- Work request: Go to the line below containing "Q: Stroke contrast? A: Medium." and print exactly from there through the line containing "Q: Monospaced? A: No.", both included. Print nothing else.

- Extracted records:

- Opening Delimiter -

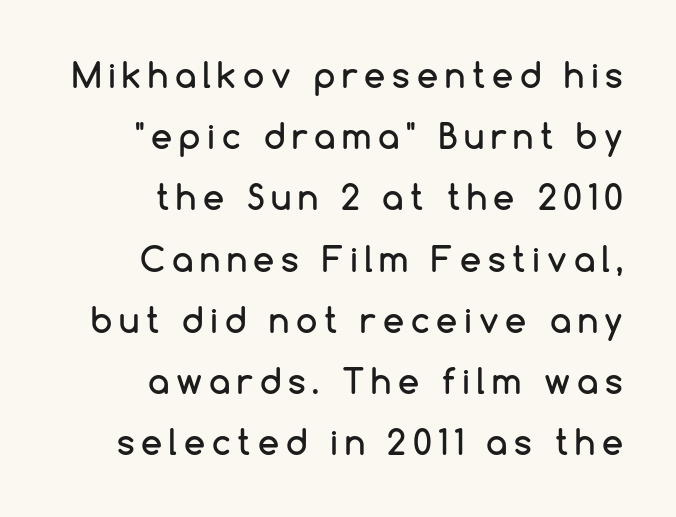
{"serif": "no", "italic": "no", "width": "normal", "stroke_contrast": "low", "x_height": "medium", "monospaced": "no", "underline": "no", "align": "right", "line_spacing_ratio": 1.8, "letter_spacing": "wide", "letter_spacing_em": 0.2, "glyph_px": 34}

- Closing Delimiter -
- Opening Delimiter -

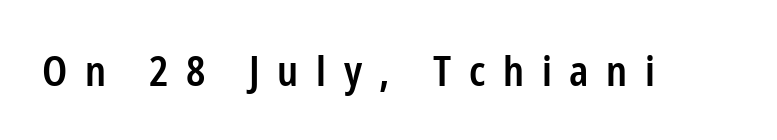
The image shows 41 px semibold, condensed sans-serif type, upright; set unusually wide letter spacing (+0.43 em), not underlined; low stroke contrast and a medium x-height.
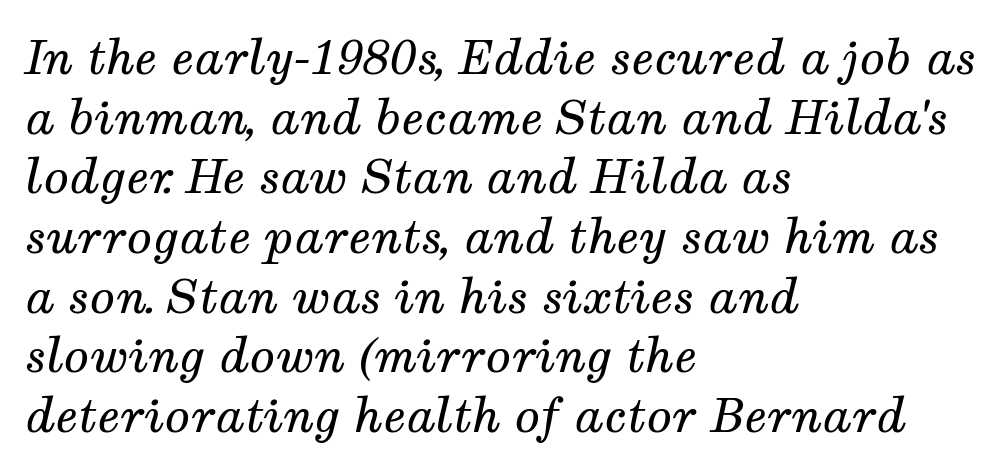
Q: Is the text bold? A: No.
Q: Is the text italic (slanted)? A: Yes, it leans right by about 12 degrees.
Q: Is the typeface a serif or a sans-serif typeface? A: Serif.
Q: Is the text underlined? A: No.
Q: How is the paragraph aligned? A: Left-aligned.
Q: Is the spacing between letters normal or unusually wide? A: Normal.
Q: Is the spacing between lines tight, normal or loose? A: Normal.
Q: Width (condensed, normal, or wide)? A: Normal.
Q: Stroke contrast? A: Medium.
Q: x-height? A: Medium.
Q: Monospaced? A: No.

- Closing Delimiter -
- Opening Delimiter -

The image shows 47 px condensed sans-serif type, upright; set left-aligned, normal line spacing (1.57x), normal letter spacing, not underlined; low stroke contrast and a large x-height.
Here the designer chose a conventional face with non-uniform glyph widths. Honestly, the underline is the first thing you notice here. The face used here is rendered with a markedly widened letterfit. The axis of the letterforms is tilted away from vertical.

- Closing Delimiter -

- Answer box:
Q: Stroke contrast? A: Medium.
Q: x-height? A: Medium.
Q: Monospaced? A: No.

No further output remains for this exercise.